3) 5 rats (Rats 11 -15) test for direct insulin releasing effects of ethyl acetate fractions containing 5,7-dimethoxycoumarin on IPGTT. 2g/kg of glucose was given simultaneously with ethyl acetate fraction containing 20mg/kg of 5,7-dimethoxycoumarin. (1g of ethyl acetate fraction contains 856.6mg of 5,7-dimethoxycoumarin).
4) 5 rats (Rats 16 – 20) test for direct insulin releasing effects of methanol fractions containing 5,7-dimethoxycoumarin on IPGTT. 2g/kg of glucose was given simultaneously with methanol fraction containing 20mg/kg of 5,7-dimethoxycoumarin.
5) 5 rats (Rats 21 – 25) test for pro-oxidant actions of H2O2 and high dose vitamin C on effects of ethyl acetate fractions containing 5,7-dimethoxycoumarin on IPGTT.
H2O2 is an oxidizing agent implicated in the pathogenesis of oxidative stress. The LD50 is 600 – 1617mg/kg (Y.Li, unpublished; Ito et al., 1976). It is generally safe at 3%.

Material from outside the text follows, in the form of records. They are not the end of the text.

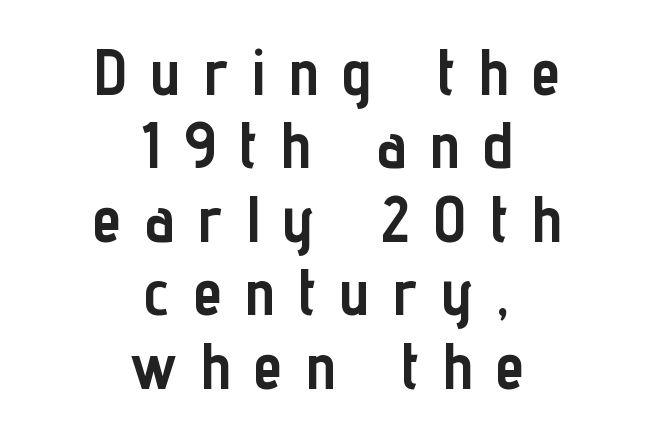
The image shows 65 px semibold, condensed sans-serif type, upright; set centered, tight line spacing (1.13x), unusually wide letter spacing (+0.37 em), not underlined; low stroke contrast and a medium x-height.
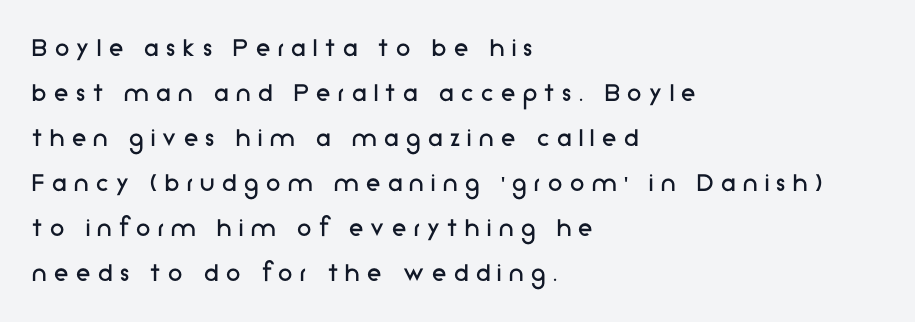
{"serif": "no", "italic": "no", "bold": "no", "weight": "regular", "width": "normal", "stroke_contrast": "low", "x_height": "medium", "monospaced": "no", "underline": "no", "align": "left", "line_spacing": "normal", "line_spacing_ratio": 1.55, "letter_spacing": "wide", "letter_spacing_em": 0.26, "glyph_px": 29}
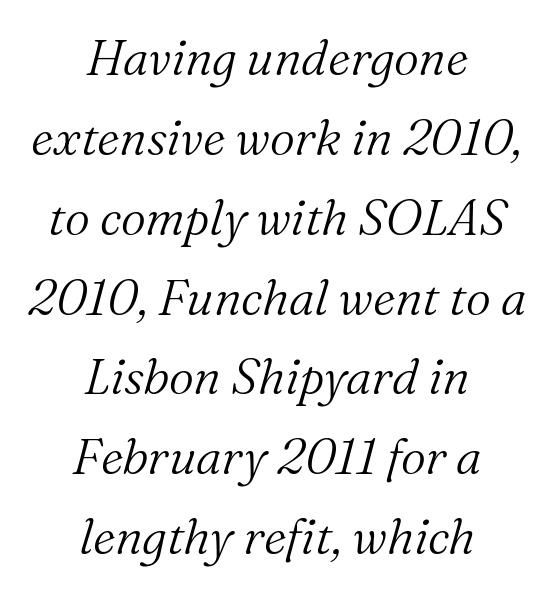
{"serif": "yes", "italic": "yes", "lean": "right", "slant_degrees": 16, "bold": "no", "weight": "light", "width": "normal", "stroke_contrast": "medium", "x_height": "medium", "monospaced": "no", "underline": "no", "align": "center", "line_spacing": "normal", "line_spacing_ratio": 1.63, "letter_spacing": "normal", "letter_spacing_em": 0.0, "glyph_px": 49}
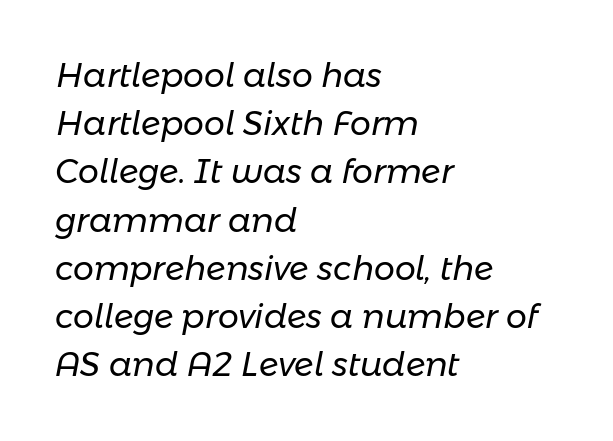
Q: Is the text bold? A: No.
Q: Is the text italic (slanted)? A: Yes, it leans right by about 11 degrees.
Q: Is the text underlined? A: No.
Q: How is the paragraph aligned? A: Left-aligned.
Q: Is the spacing between letters normal or unusually wide? A: Normal.
Q: Is the spacing between lines tight, normal or loose? A: Normal.
Q: Width (condensed, normal, or wide)? A: Normal.
Q: Stroke contrast? A: Low.
Q: x-height? A: Medium.
Q: Monospaced? A: No.
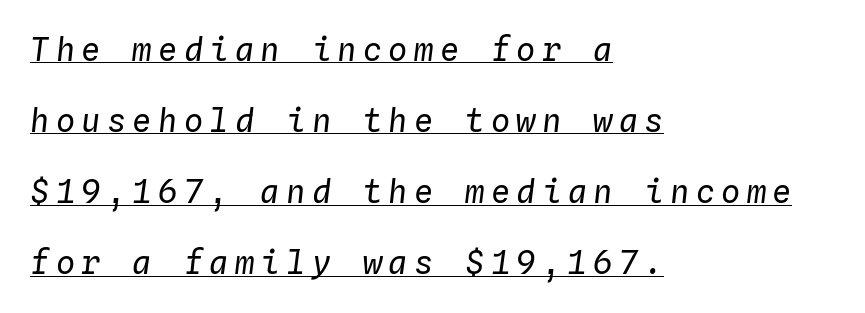
These lines have a slow, spaced-out rhythm from letter to letter. These lines stand farther apart than default settings would place them. Italic? Definitely — the glyphs are oblique. Honestly, the underline is the first thing you notice here. Note the uniform advance width — an 'i' takes as much space as an 'm'. Is the stroke heavy? The answer is a plain regular-or-lighter.

Household concentration varies from 3 – 9% (Nelson AL, et al., 2023). 2g/kg of glucose was given simultaneously with 1ml of 6% H2O2 and 20mg/kg of 5,7-dimethoxycoumarin, intraperitoneally in Rat 23. Repeat with 0.6% H2O2 for Rats 21 – 22.
Vitamin C acts as antioxidant at low doses (30 – 100 mg/kg) and pro-oxidant at high doses (1000mg/kg) (54). The LD50 of vitamin C is 11,900mg/kg in rats (55). 2g/kg of glucose was given simultaneously with 1000mg/kg of vitamin C and 20mg/kg of 5,7-dimethoxycoumarin, in Rats 24 - 25.

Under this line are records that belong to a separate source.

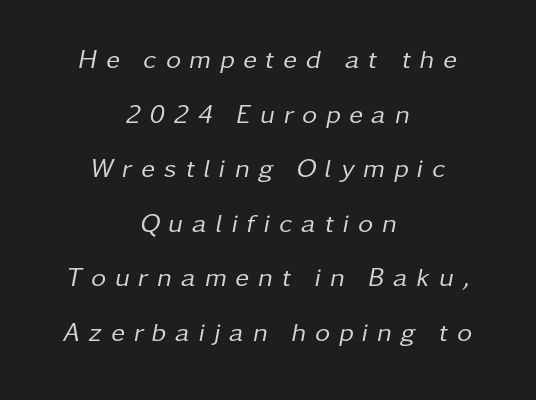
Q: Is the text bold? A: No.
Q: Is the text italic (slanted)? A: Yes, it leans right by about 11 degrees.
Q: Is the text underlined? A: No.
Q: How is the paragraph aligned? A: Centered.
Q: Is the spacing between letters normal or unusually wide? A: Unusually wide.
Q: Is the spacing between lines tight, normal or loose? A: Loose.
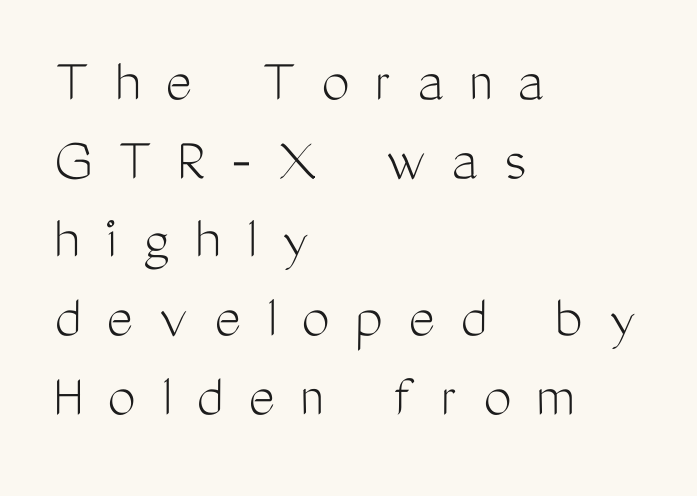
{"serif": "no", "italic": "no", "bold": "no", "weight": "light", "width": "condensed", "stroke_contrast": "medium", "x_height": "medium", "monospaced": "no", "underline": "no", "align": "left", "line_spacing": "normal", "line_spacing_ratio": 1.25, "letter_spacing": "wide", "letter_spacing_em": 0.41, "glyph_px": 63}
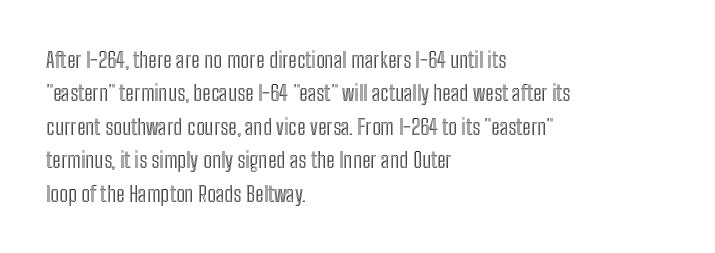
{"italic": "no", "underline": "no", "align": "left", "line_spacing": "normal", "line_spacing_ratio": 1.52, "letter_spacing": "normal", "letter_spacing_em": 0.0, "glyph_px": 22}
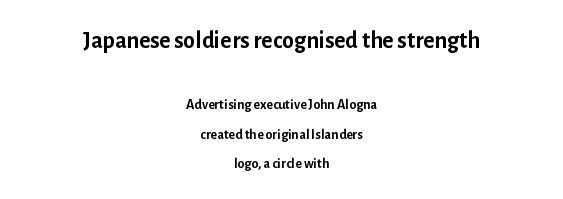
Q: Is the text bold? A: Yes.
Q: Is the text italic (slanted)? A: No, it is upright.
Q: Is the text underlined? A: No.
Q: How is the paragraph aligned? A: Centered.
Q: Is the spacing between letters normal or unusually wide? A: Normal.
Q: Is the spacing between lines tight, normal or loose? A: Loose.
Q: Which block of text is set in a larger size, the first (top) or the second (bottom)? A: The first (top) one.
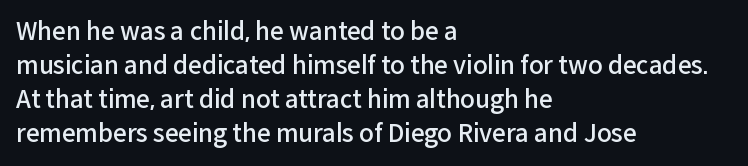
The image shows 24 px text type, upright; set left-aligned, normal line spacing (1.42x), normal letter spacing, not underlined.
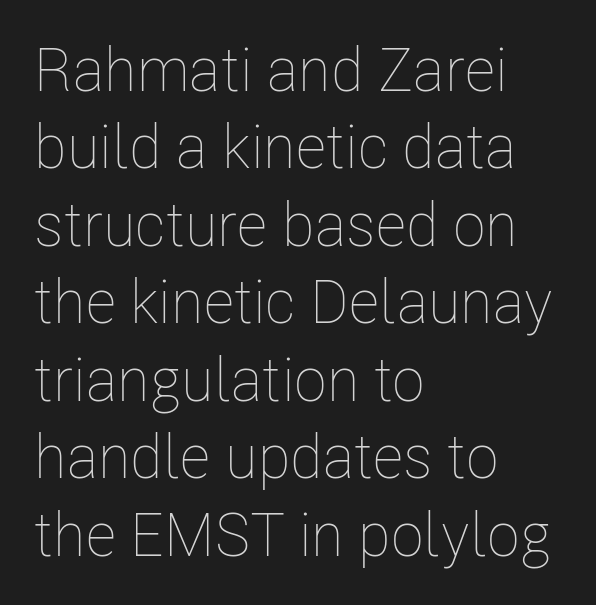
The image shows 61 px thin, condensed type, upright; set left-aligned, normal line spacing (1.27x), normal letter spacing, not underlined; low stroke contrast and a medium x-height.
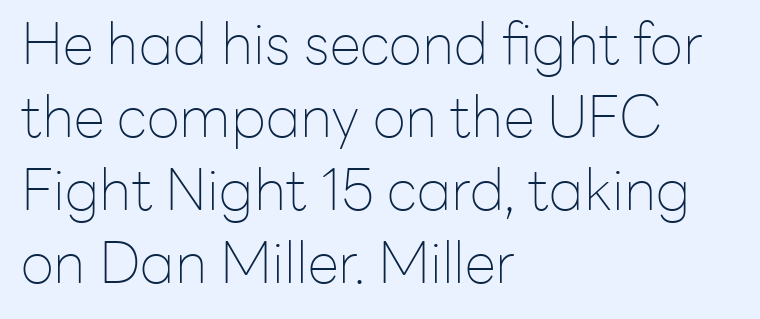
{"serif": "no", "italic": "no", "bold": "no", "weight": "thin", "width": "normal", "stroke_contrast": "low", "x_height": "medium", "monospaced": "no", "underline": "no", "align": "left", "line_spacing": "normal", "line_spacing_ratio": 1.28, "letter_spacing": "normal", "letter_spacing_em": 0.0, "glyph_px": 57}

Secondary (Supplemental) Experiments on Plasma Glucose Effect Only:
6) 5 Rats (Rats 26 – 30) test for ethyl acetate fraction containing 10mg/kg 5,7-dimethoxycoumarin on IPGTT.
7) 5 Rats (Rats 31 – 35) test for methanol fraction containing 10mg/kg 5,7-dimethoxycoumarin on IPGTT.
8) 5 Rats (Rats 36 – 40) negative control on Oral Glucose Tolerance Test (OGTT).
9) 5 Rats (Rats 41 – 45) positive (glimepiride) control on OGTT.
10) 5 Rats (Rats 46 – 50) test for ethyl acetate fraction containing 20mg/kg 5,7-dimethoxycoumarin on OGTT.